White v. Campbell

215 So. 2d 66 | Fla. Dist. Ct. App. | 1968

WALDEN, Chief-Judge.

Does a minority stockholder in a bank and trust company have a right to inspect the bank’s stock book which contains the names, addresses and number of shares owned by all of the bank’s stockholders? The trial court answered affirmatively and issued a peremptory writ of mandamus allowing such inspection. We reverse on authority of F.S. Section 659.25, F.S.A. 1967. It provides:

“Rights of minority stockholders.— No bank or trust company and no director, officer or employee thereof, shall permit any stockholder other than a qualified director, officer or employee thereof to have access to or to examine or inspect any of the books or records of such bank or trust company other than its general statement book showing its general assets and liabilities.”

This statute is a part of the 1953 Florida Banking Code consisting of Chapters 658-661, and its terms were made expressly applicable to all banks. F.S. Section 658.-03, F.S.A.1967.

The wording of the dispositive statute, Section 659.25, supra, is clear, unequivocal, unambiguous and such as to preclude judicial excursion in search of a contrary legislative intent. There is simply no basis or license for statutory interpretation and the plain and obvious provisions control. 30 Fla.Jur., Statutes, § 74.

There are two exceptions or “other than” clauses in the statute. However, these are unavailing as concerns the minority stockholder here. He is not a “director, officer or employee” of the bank. Secondly, the stock book does not fit the exception, “other than its general statement book showing its general assets and liabilities.” The statement of these two express exceptions gives rise to the strong inference that no other exceptions were intended or may be read in so as to afford the minority stockholder the relief he seeks. See Biddle v. State Beverage Department, Fla.App.1966, 187 So.2d 65.

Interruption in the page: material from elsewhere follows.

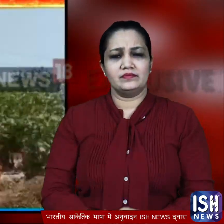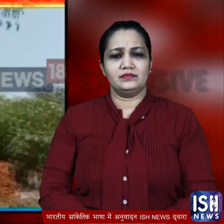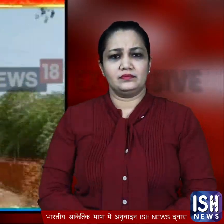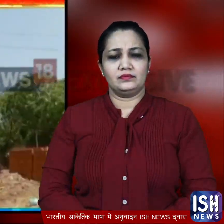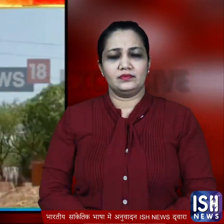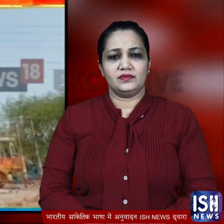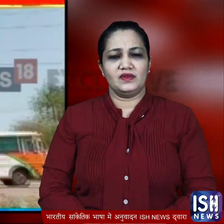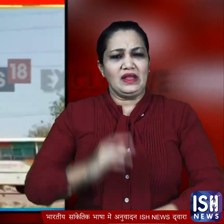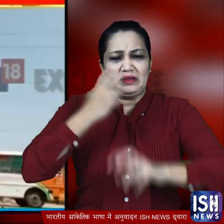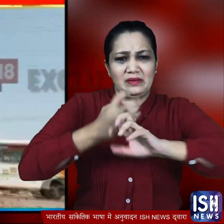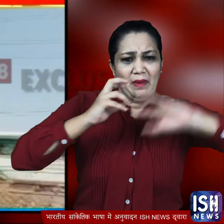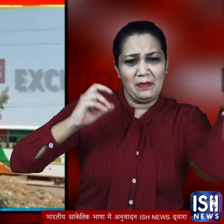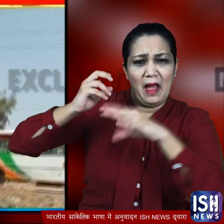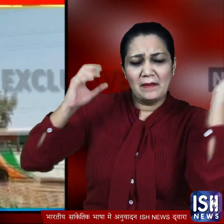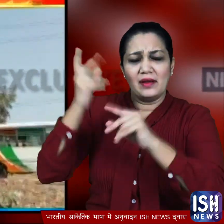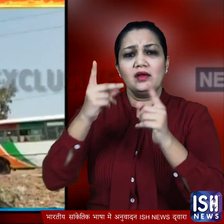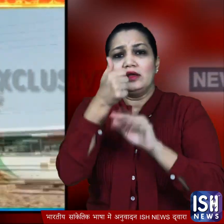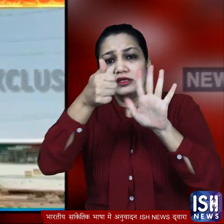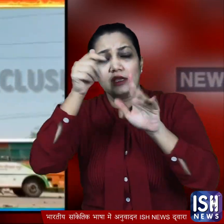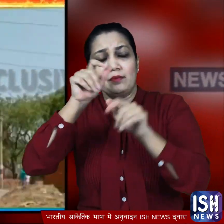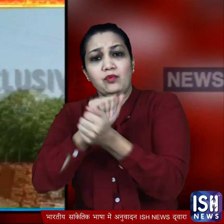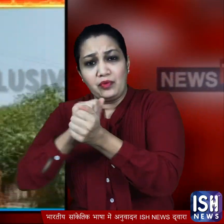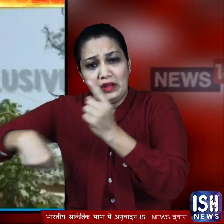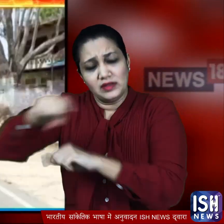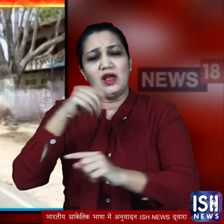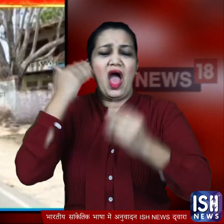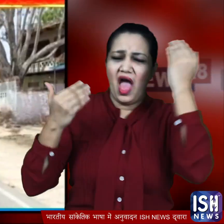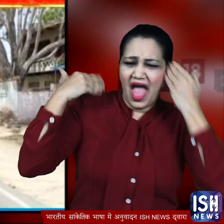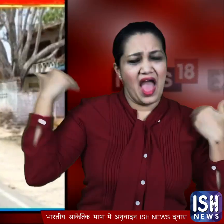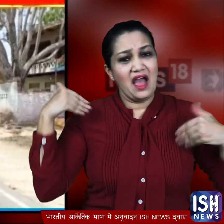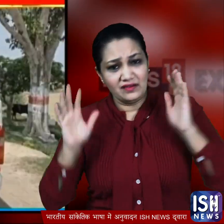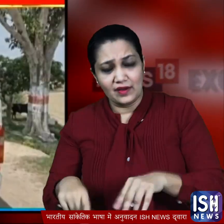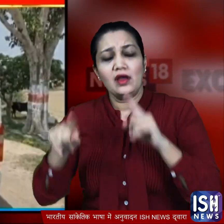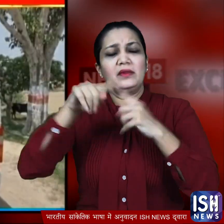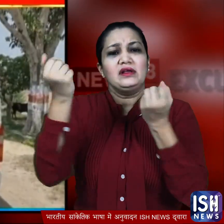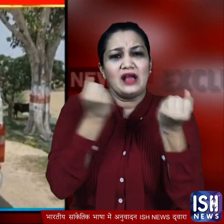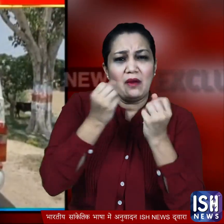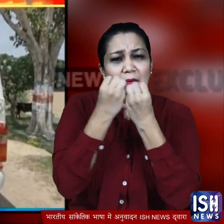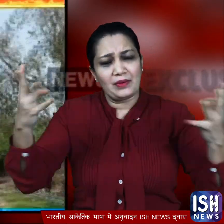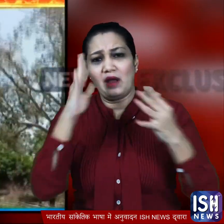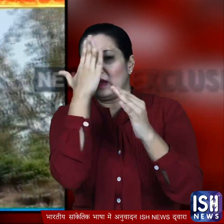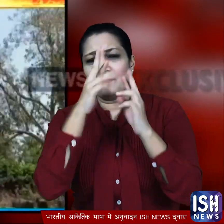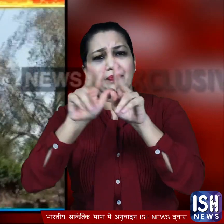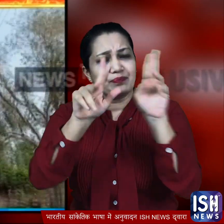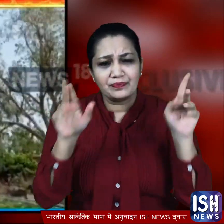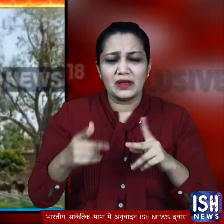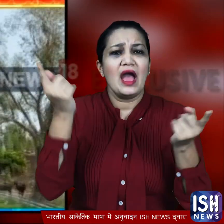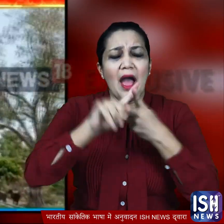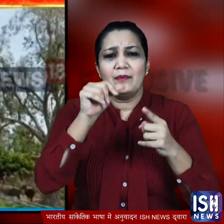इस पत्थर बाजी के चक्कर में छे पुलिस वालों के घायल होने की खबर है इसके लावा कई गाड़ियों के शीशे तूट गए जगड़ा केवल एक पानी

*68The minority stockholder urges that he is entitled to examine the stock book under the statutory mandate found in F.S. Section 608.39, F.S.A.1967, which statute amplifies and expands a stockholder’s common law rights of inspection. Florida Telephone Corporation v. State ex rel. Peninsular Tel. Co., Fla.App.1959, 111 So.2d 677. Indeed, a reading of this statute alone would exactly support the claimed right of inspection. However, closer inquiry reveals that Chapter 608, F.S.1967, which is entitled “Corporations Generally” does not apply to banks and trust companies. Why? The answer is found in the exception or disclaimer provided in F.S. Section 608.01, F.S.A.1967:

"Application in part I of chapter. — The provisions of part I of this chapter shall extend to all corporations * * * except that where special statutes for the regulation and control of types of business and corporations therein specified conflict herewith the provisions of such statutes shall control. * * * ” (Emphasis added.)

It is clear, of course, that the aforementioned Banking Code, including F.S. Section 659.25, F.S.A.1967, consists of just such “special statutes.” Hence, there is no conflict in application between Section 659.25, supra, and Section 608.39, and, repetitively, Section 659.25 governs the instant situation.

The minority stockholder asks us to permit inspection using the case of State ex rel. Powell v. State Bank, 1931, 90 Mont. 539, 4 P.2d 717, 80 A.L.R. 1494, as a precedent. However, that case involved a Montana statute, as follows:

“No stockholder of any bank incorporated under the laws of this State who is not a director shall have the right to inspect the books and records of such' bank showing its transaction with any of its customers, but any such stockholder shall have the right to inspect during business hours the general statement book showing the general assets and liabilities of such bank.” (Emphasis added.)

Examination of this statute quickly shows that its bar is much narrower in scope, it being limited to books and records showing transactions with its customers. Because of the critical difference in statutes, this case is not helpful to a disposition of this appeal.

Finally,' the minority stockholder rails, quite reasonably, against Section 659.-25, supra, saying that:

“ * * * It would therefore be impossible for minority shareholders to elicit proxies from fellow shareholders, the practical result being that existing management of whatever sort, could cause incalculable mischief without the ability of any shareholder to proceed to rectify such a situation pursuant to the Articles of Incorporation or By-Laws thereof.”

We recognize the difficulty with which he is faced. We would even agree from our limited viewpoint that a statute such as the Montana statute earlier mentioned, which gave a right of inspection except as to books showing customer transactions, would be preferable. However, returning to the situation before us, it could very well have been the legitimate legislative intent to make proxy fights difficult and to, in effect, render stable current bank managements, leaving minority stockholders to follow other routes for redress of their grievances. Regardless of the merits of the several positions, we feel that the establishment of guidelines in this area is a proper function of the legislature.

The judgment is reversed and the cause remanded with instructions to quash the writ of mandamus and to dismiss the petition.

Reversed.

CROSS, J., and MELVIN, WOODROW M., Associate Judge, concur.